Incilius pisinnus
- Conservation status: Endangered (IUCN 3.1)

Scientific classification
- Kingdom: Animalia
- Phylum: Chordata
- Class: Amphibia
- Order: Anura
- Family: Bufonidae
- Genus: Incilius
- Species: I. pisinnus
- Binomial name: Incilius pisinnus (Mendelson, Williams, Sheil, and Mulcahy, 2005)
- Synonyms: Bufo pisinnus Mendelson, Williams, Sheil, and Mulcahy, 2005 ; Cranopsis pisinna (Mendelson et al., 2005) ; Ollotis pisinnus (Mendelson et al., 2005) ;

= Incilius pisinnus =

- Authority: (Mendelson, Williams, Sheil, and Mulcahy, 2005)
- Conservation status: EN

Species of amphibian

Incilius pisinnus (common name: Michoacan toad) is a species of "true" toads in the family Bufonidae. It is endemic to Mexico and known from the Tepalcatepec Valley in Michoacán. Prior to its description in 2005, it was mixed with Incilius coccifer and Incilius cycladen. The specific name pisinnus, from the Latin word for "small", refers to the comparatively small size of this species among its close relatives.

==Description==
Adult males measure 39–51 mm and adult females 55–62 mm in snout–vent length. The body is robust. The snout is pointed in dorsal view and rounded in profile. The tympanum is distinct. The fingers are short, slender, and have no webbing nor fringes, whereas the toes have some webbing and the inner toes have also lateral fringes.

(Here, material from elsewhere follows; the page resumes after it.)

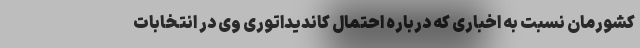
کشورمان نسبت به اخباری که درباره احتمال کاندیداتوری وی در انتخابات

The canthal, supraorbital, supratympanic, postorbital, preorbital, pretympanic, and supralabial crests are present. The parietal crest is poorly developed or absent. The parotoid glands are ovoid. The dorsum is rugose. The dorsal ground color is yellowish tan. There are dark brown spots and a deep yellow or cream mid-dorsal stripe. The venter is whitish cream, possibly with black flecks. The iris is pale gold. Males have a single, heavily pigmented vocal sac.

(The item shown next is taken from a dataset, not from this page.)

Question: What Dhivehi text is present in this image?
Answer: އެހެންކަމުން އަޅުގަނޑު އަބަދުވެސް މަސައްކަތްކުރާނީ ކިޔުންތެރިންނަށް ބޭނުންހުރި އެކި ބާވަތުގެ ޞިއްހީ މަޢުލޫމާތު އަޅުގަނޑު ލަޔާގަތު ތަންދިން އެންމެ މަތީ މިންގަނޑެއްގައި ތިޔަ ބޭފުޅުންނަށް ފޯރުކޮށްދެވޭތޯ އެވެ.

==Habitat and conservation==
Incilius pisinnus inhabit grassy areas with mesquite shrub, rocks, and barren areas at elevations around 335 m above sea level. Males have been observed calling in muddy ditches and flooded grass fields after heavy rains. Although believed adapt to disturbance, severe habitat change and agricultural chemicals remain threats. It is not known to occur in any protected areas.